WORK TO BE COMPLETED: Output exactly the lines below, starting with the line that has "208. ఎవరైన వ్యక్తి" and going on through the line that has "తీర్పు కానిచ్చును. 'జడ్'", both included, and no other lines.
Start of RECORDS FOR THE EXERCISE
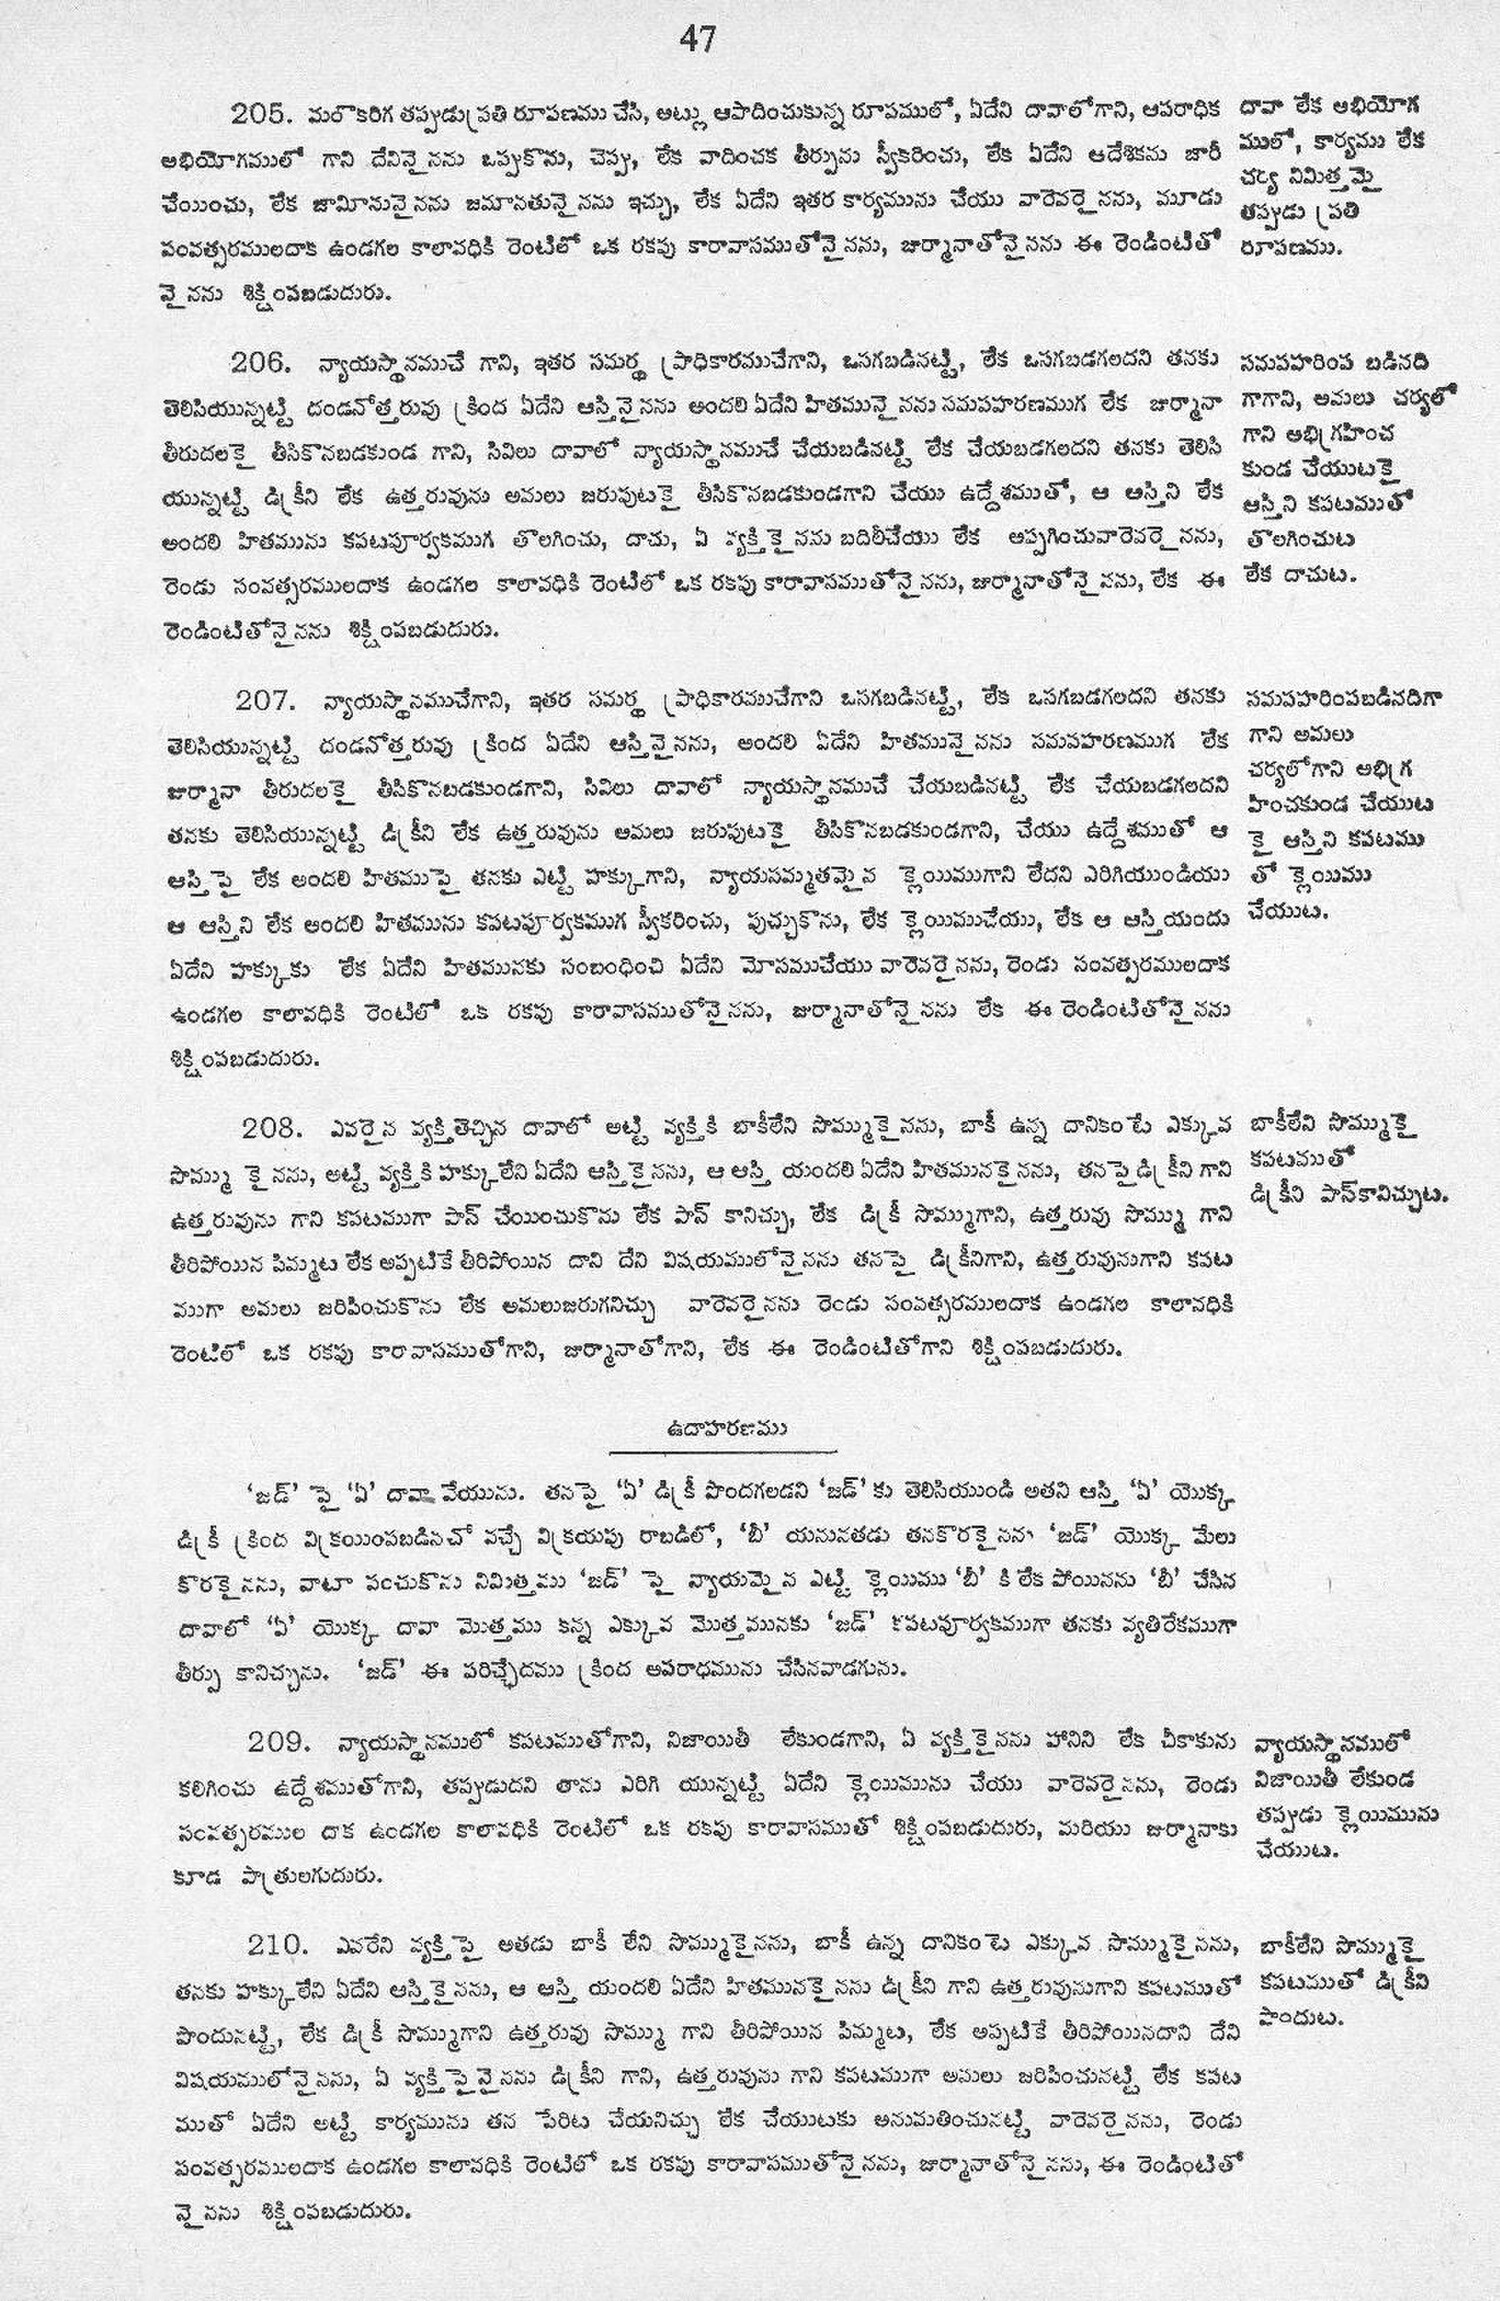దావా లేక అభియోగములో, కార్యము లేక చర్య నిమిత్తమై తప్పుడు ప్రతి రూపణము.

205. మరొకరిగ తప్పుడు ప్రతి రూపణము చేసి, అట్లు ఆపాదించుకున్న రూపములో, ఏదేని దావాలోగాని, అపరాధిక 
అభియోగములో గాని దేనినై నను ఒప్పుకొను, చెప్పు, లేక వాదించక తీర్పును స్వీకరించు, లేక ఏదేని ఆదేశికను జారీ చేయించు, లేక జామీనునైనను జమానతునైనను ఇచ్చు, లేక ఏదేని ఇతర కార్యమును చేయు వారెవరైనను, మూడు
సంవత్సరములదాక ఉండగల కాలావధికి రెంటిలో ఒక రకపు కారావాసముతోనైనను, జర్మానాతోనైనను ఈ రెండింటితో నైనను శిక్షింపబడుదురు.

సమపహరింప బడినది గాగాని, అమలు చర్యలో గాని అభి గ్రహించకుండ చేయుటకై ఆస్తిని కపటముతో తొలగించుట
లేక దాచుట.

206. న్యాయస్థానముచే గాని, ఇతర సమర్థ ప్రాధికారముచేగాని, ఒసగబడినట్టి, లేక ఒసగబడగలదని తనకు 
తెలిసియున్నట్టి దండనోత్తరువు క్రింద ఏదేని ఆస్తినైనను అందలి ఏదేని హితమునైనను సమపహరణముగ లేక జుర్మానా తీరుదలకై తీసికొనబడకుండ గాని, సివిలు దావాలో న్యాయస్థానముచే చేయబడినట్టి లేక చేయబడగలదని తనకు తెలిసి
యున్నట్టి డిక్రీని లేక ఉత్తరువును అమలు జరుపుటకై తీసికొనబడకుండగాని చేయు ఉద్దేశముతో, ఆ ఆస్తిని లేక అందలి హితమును కపటపూర్వకముగ తొలగించు, దాచు, ఏ వ్యక్తి కైనను బదిలీచేయు లేక అప్పగించువారెవరైనను, రెండు సంవత్సరములదాక ఉండగల కాలావధికి రెంటిలో ఒక రకపు కారావాసముతోనైనను, జుర్మానాతోనై నను, లేక ఈ రెండింటితోనైనను శిక్షింపబడుదురు.

సమపహరింపబడినదిగా గాని అమలు చర్యలోగాని అభిగ్రహించకుండ చేయుటకై ఆస్తిని కపటముతో క్లెయిము చేయుట.

207. న్యాయస్థానముచేగాని, ఇతర సమర్థ ప్రాధికారముచేగాని ఒసగబడినట్టి, లేక ఒసగబడగలదని తనకు తెలిసియున్నట్టి దండనోత్తరువు క్రింద ఏదేని ఆస్తినైనను, అందలి ఏదేని హితమునైనను సమపహరణముగ లేక జుర్మానా తీరుదలకై తీసికొనబడకుండగాని, సివిలు దావాలో న్యాయస్థానముచే చేయబడినట్టి లేక చేయబడగలదని తనకు తెలిసియున్నట్టి డిక్రీని లేక ఉత్తరువును అమలు జరుపుటకై తీసికొనబడకుండగాని, చేయు ఉద్దేశముతో ఆ ఆస్తి పై లేక అందలి హితముపై తనకు ఎట్టి హక్కుగాని, న్యాయసమ్మతమైన క్లెయిముగాని లేదని ఎరిగియుండియు ఆ ఆస్తిని లేక అందలి హితమును కపటపూర్వకముగ స్వీకరించు, పుచ్చుకొను, లేక క్లెయిముచేయు, లేక ఆ ఆస్తి యందు ఏదేని హక్కుకు లేక ఏదేని హితమునకు సంబంధించి ఏదేని మోసముచేయు వారెవరైనను, రెండు సంవత్సరములదాక ఉండగల కాలావధికి రెంటిలో ఒక రకపు కారావాసములోనైనను, జుర్మానాతోనై నను లేక ఈ రెండింటితోనైనను శిక్షింపబడుదురు.

బాకీలేని సొమ్ముకై కపటముతో డిక్రీని పాస్ కానిచ్చుట.

208. ఎవరైన వ్యక్తి తెచ్చిన దావాలో అట్టి వ్యక్తి కి బాకీలేని సొమ్ముకైనను, బాకీ ఉన్న దానికంటే ఎక్కువ సొమ్ము కైనను, అట్టి వ్యక్తికి హక్కులేని ఏదేని ఆస్తి కైనను, ఆ ఆస్తి యందలి ఏదేని హితమునకైనను, తనపై డిక్రీని గాని ఉత్తరువును గాని కపటముగా పాస్ చేయించుకొను లేక పాస్ కానిచ్చు, లేక డిక్రీ సొమ్ముగాని, ఉత్తరువు సొమ్ము గాని తీరిపోయిన పిమ్మట లేక అప్పటికే తీరిపోయిన దాని దేని విషయములోనైనను తనపై డిక్రీనిగాని, ఉత్తరువునుగాని కపటముగా అమలు జరిపించుకొను లేక అమలుజరుగనిచ్చు వారెవరైనను రెండు సంవత్సరములదాక ఉండగల కాలావధికి రెంటిలో ఒక రకపు కారా వాసముతోగాని, జూర్మానాతోగాని, లేక ఈ రెండింటితోగాని శిక్షింపబడుదురు.

'జడ్' పై 'ఏ' దావా వేయును. తన పై 'ఏ' డిక్రీ పొందగలడని 'జడ్' కు తెలిసియుండి అతని ఆస్తి 'ఏ' యొక్క
డిక్రీ క్రింద విక్రయింపబడినచో వచ్చే విక్రయపు రాబడిలో, 'బి' యనునతడు తనకొరకై నను 'జడ్'యొక్క మేలు
కొరకై నను, వాటా పంచుకొను నిమిత్తము 'జడ్' పై న్యాయమైన ఎట్టి క్లెయిము 'బి' కి లేక పోయినను 'బీ' చేసిన
దావాలో 'ఏ' యొక్క దావా మొత్తము కన్న ఎక్కువ మొత్తమునకు 'జడ్' కపటపూర్వకముగా తనకు వ్యతిరేకముగా
తీర్పు కానిచ్చును. 'జడ్' ఈ పరిచ్ఛేదము క్రింద అపరాధమును చేసినవాడగును.

న్యాయస్థానములో నిజాయితీ లేకుండ తప్పుడు క్లెయిమును చేయుట.

209. న్యాయస్థానములో కపటముతో గాని, నిజాయితీ లేకుండగాని, ఏ వ్యక్తి కైనను హానిని లేక చీకాకును కలిగించు ఉద్దేశముతో గాని, తప్పుడుదని తాను ఎరిగి యున్నట్టి ఏదేని క్లెయిమును చేయు వారెవరైనను, రెండు సంవత్సరముల దాక ఉండగల కాలావధికి రెంటిలో ఒక రకపు కారావాసముతో శిక్షింపబడుదురు, మరియు జుర్మానాకు కూడ పాత్రులగుదురు.

బాకీలేని సొమ్ముకై కపటముతో డిక్రీని పొందుట.

210. ఎవరేని వ్యక్తి పై అతడు బాకీ లేని సొమ్ముకైనను, బాకీ ఉన్న దానికంటే ఎక్కువ సామ్ముకైనను, తనకు హక్కు లేని ఏదేని ఆస్తికైనను, ఆ ఆస్తి యందలి ఏదేని హితమునకైనను డిక్రీని గాని ఉత్తరువునుగాని కపటముతో పొందునట్టి, లేక డిక్రీ సొమ్ముగాని ఉత్తరువు సొమ్ము గాని తీరిపోయిన పిమ్మట, లేక అప్పటికే తీరిపోయినదాని దేని విషయములో నైనను, ఏ వ్యక్తి పై నైనను డిక్రీని గాని, ఉత్తరువును గాని కపటముగా అమలు జరిపించునట్టి లేక కపటముతో ఏదేని అట్టి కార్యమును తన పేరిట చేయనిచ్చు లేక చేయుటకు అనుమతించునట్టి వారెవరైనను, రెండు సంవత్సరములదాక ఉండగల కాలావధికి రెంటిలో ఒక రకపు కారావాసముతోనైనను, జుర్మానాతోనైనను, ఈ రెండింటితో నైనను శిక్షింపబడుదురు.
End of RECORDS FOR THE EXERCISE
TASK OUTPUT:
208. ఎవరైన వ్యక్తి తెచ్చిన దావాలో అట్టి వ్యక్తి కి బాకీలేని సొమ్ముకైనను, బాకీ ఉన్న దానికంటే ఎక్కువ సొమ్ము కైనను, అట్టి వ్యక్తికి హక్కులేని ఏదేని ఆస్తి కైనను, ఆ ఆస్తి యందలి ఏదేని హితమునకైనను, తనపై డిక్రీని గాని ఉత్తరువును గాని కపటముగా పాస్ చేయించుకొను లేక పాస్ కానిచ్చు, లేక డిక్రీ సొమ్ముగాని, ఉత్తరువు సొమ్ము గాని తీరిపోయిన పిమ్మట లేక అప్పటికే తీరిపోయిన దాని దేని విషయములోనైనను తనపై డిక్రీనిగాని, ఉత్తరువునుగాని కపటముగా అమలు జరిపించుకొను లేక అమలుజరుగనిచ్చు వారెవరైనను రెండు సంవత్సరములదాక ఉండగల కాలావధికి రెంటిలో ఒక రకపు కారా వాసముతోగాని, జూర్మానాతోగాని, లేక ఈ రెండింటితోగాని శిక్షింపబడుదురు.

'జడ్' పై 'ఏ' దావా వేయును. తన పై 'ఏ' డిక్రీ పొందగలడని 'జడ్' కు తెలిసియుండి అతని ఆస్తి 'ఏ' యొక్క
డిక్రీ క్రింద విక్రయింపబడినచో వచ్చే విక్రయపు రాబడిలో, 'బి' యనునతడు తనకొరకై నను 'జడ్'యొక్క మేలు
కొరకై నను, వాటా పంచుకొను నిమిత్తము 'జడ్' పై న్యాయమైన ఎట్టి క్లెయిము 'బి' కి లేక పోయినను 'బీ' చేసిన
దావాలో 'ఏ' యొక్క దావా మొత్తము కన్న ఎక్కువ మొత్తమునకు 'జడ్' కపటపూర్వకముగా తనకు వ్యతిరేకముగా
తీర్పు కానిచ్చును. 'జడ్' ఈ పరిచ్ఛేదము క్రింద అపరాధమును చేసినవాడగును.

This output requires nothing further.